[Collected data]
_____

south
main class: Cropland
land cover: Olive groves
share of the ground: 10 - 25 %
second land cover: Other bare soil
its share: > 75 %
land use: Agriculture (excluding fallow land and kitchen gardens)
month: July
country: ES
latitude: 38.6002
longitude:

_____

Retype all of the data shown above, word for word.

south
main class: Cropland
land cover: Olive groves
share of the ground: 10 - 25 %
second land cover: Other bare soil
its share: > 75 %
land use: Agriculture (excluding fallow land and kitchen gardens)
month: July
country: ES
latitude: 38.6002
longitude:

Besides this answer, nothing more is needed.